Since 2010, research has been conducted in the field of visual domain adaptation, where
the first approach to the problem was statistical methods. However, since 2014, neural
network methods have gained considerable popularity. Soon the lack of data became a
related problem, which led to the growth of synthetics generation methods [2-4].
   The need for synthetic data often arises in many tasks. An outstanding representative
of such tasks is autonomous driving. In order to make high-precision classifiers of road
markings, signs, cars and other vast volumes of qualitatively marked data are needed.
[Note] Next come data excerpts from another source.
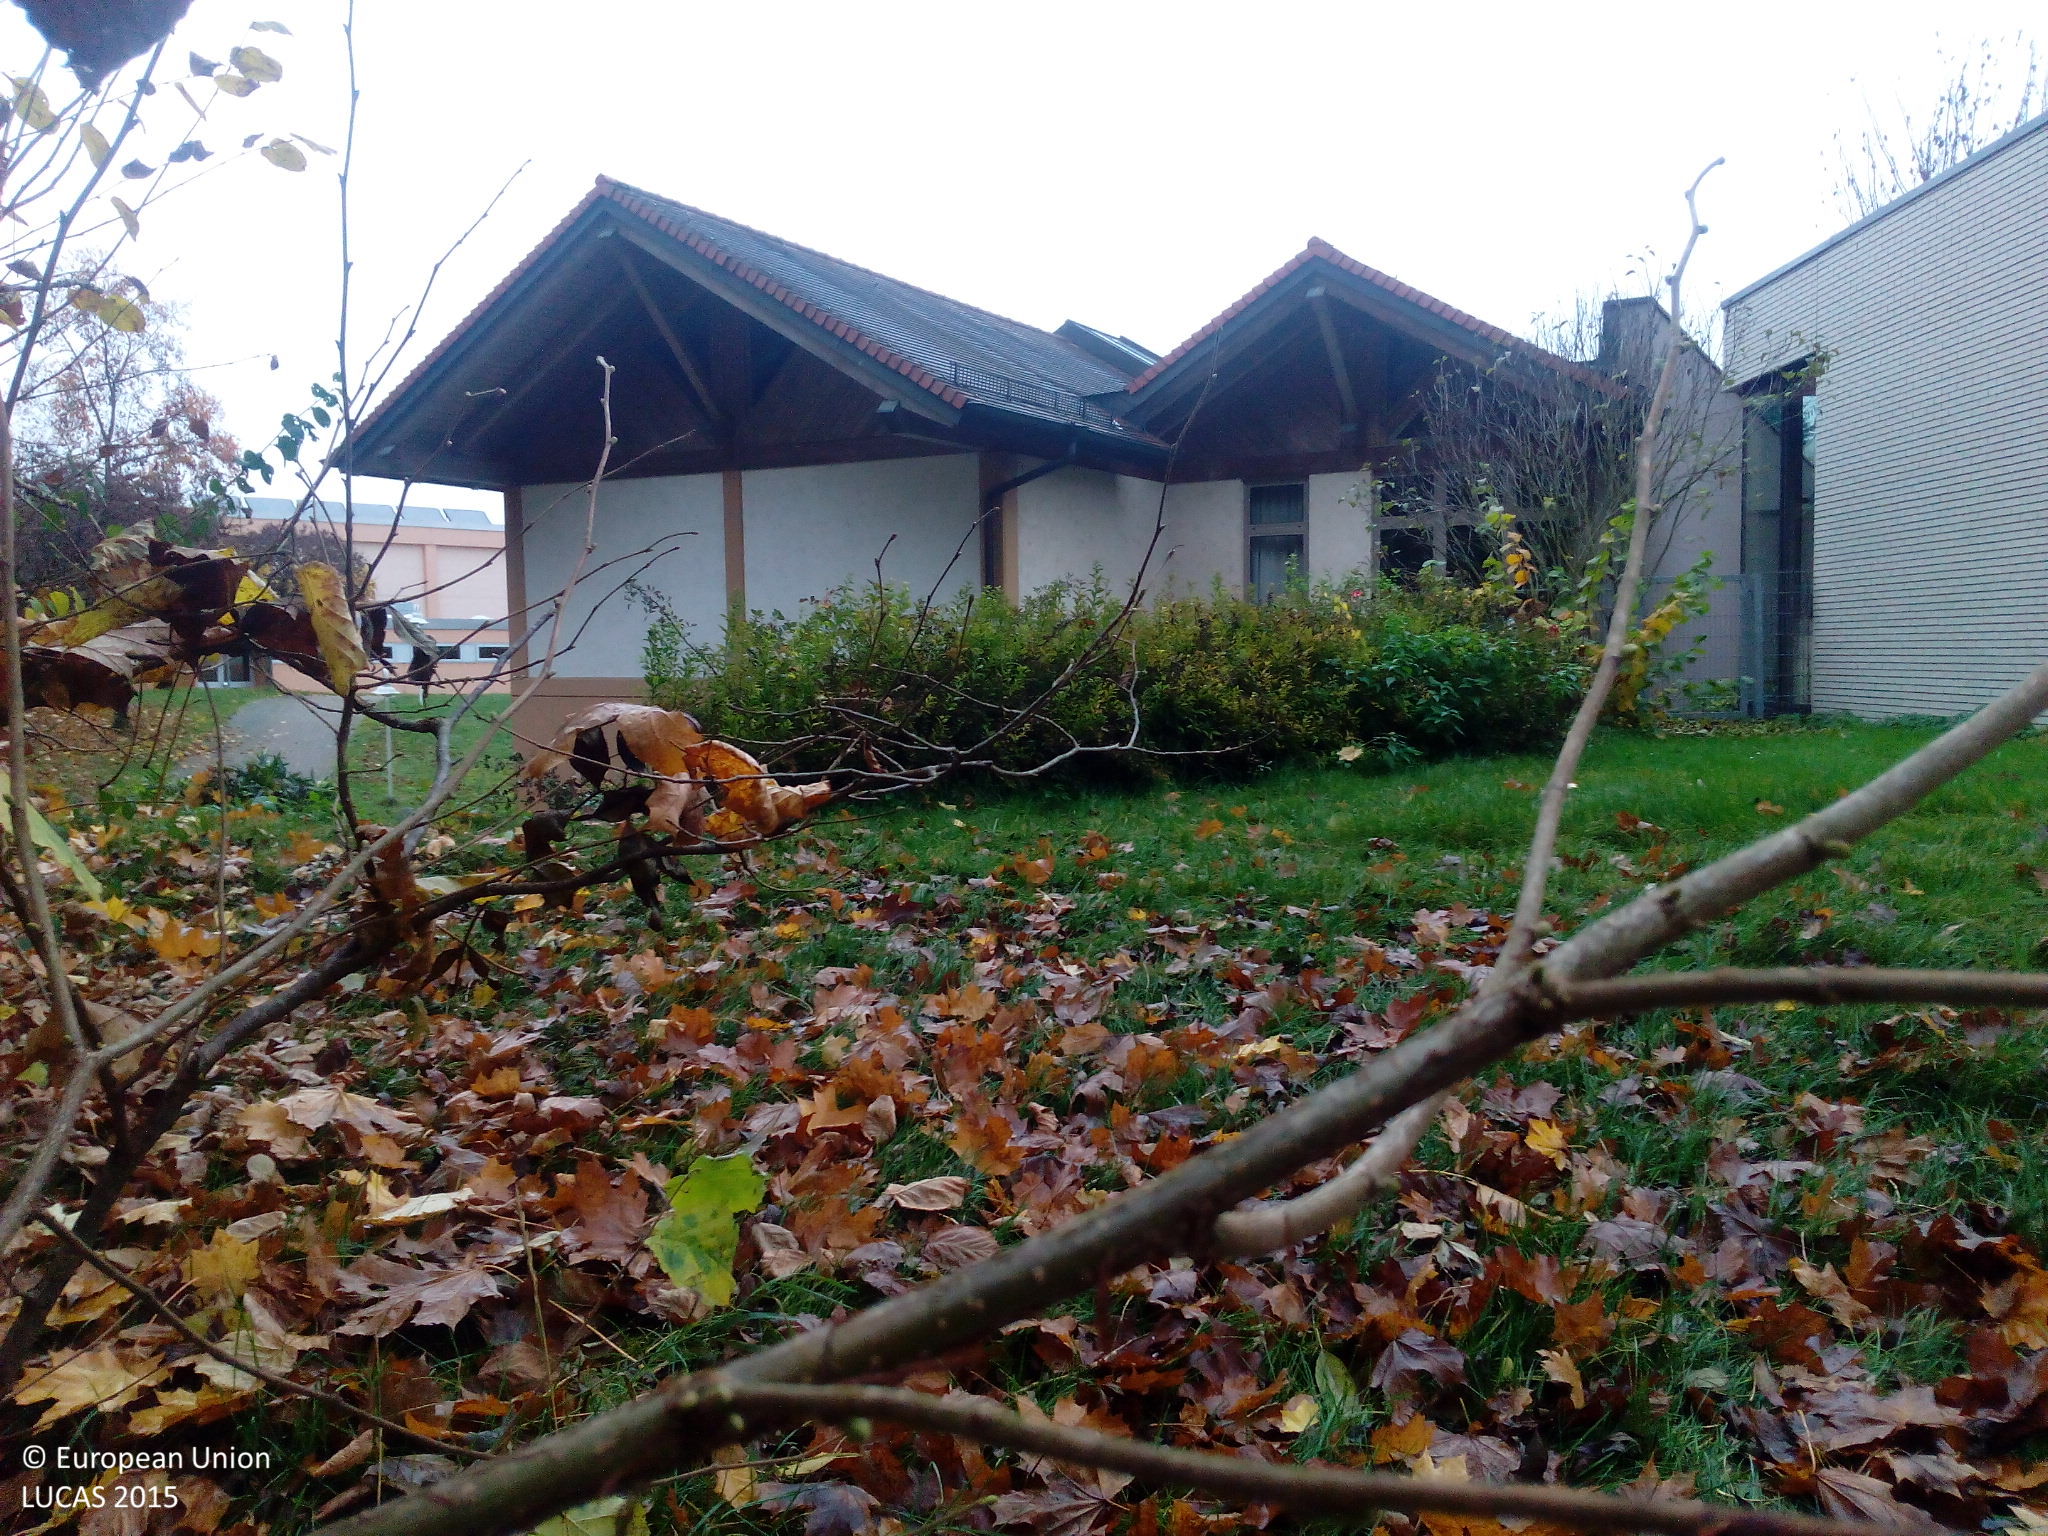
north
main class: Woodland
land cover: Broadleaved woodland
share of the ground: > 75 %
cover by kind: broadleaved forest trees 85 %, herbaceous plants 10 %, shrubs 5 %
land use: Community services
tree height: > 5 m
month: May
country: DE
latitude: 49.0842
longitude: 9.1925

   To solve this problem, in 2016 was proposed the idea of generating a dataset based
on the gaming world. [5] used the GTA5 game world. The purpose of this work was to
get markup from screenshots of the game. The main idea was to use an existing virtual
3-D world. However, the limitations of the game did not allow obtain the complete
markup necessary to solve the problem of autonomous driving.
   At the same time, in 2016, using the same idea of the virtual world, the SYNTHIA
dataset was generated in order to assist in semantic segmentation and the problems of
understanding related scenes in the context of driving scenarios [6]. The authors a bit
changed the approach and created their virtual world using the Unity development plat-
form. They built their virtual cities based on real city prototypes [6].
   One of the main advantages was the ability to add natural events, such as time of
day, rain, snow, fog and other. These methods are automatic from generating datasets
point of view but challenging at the design stage of the virtual world.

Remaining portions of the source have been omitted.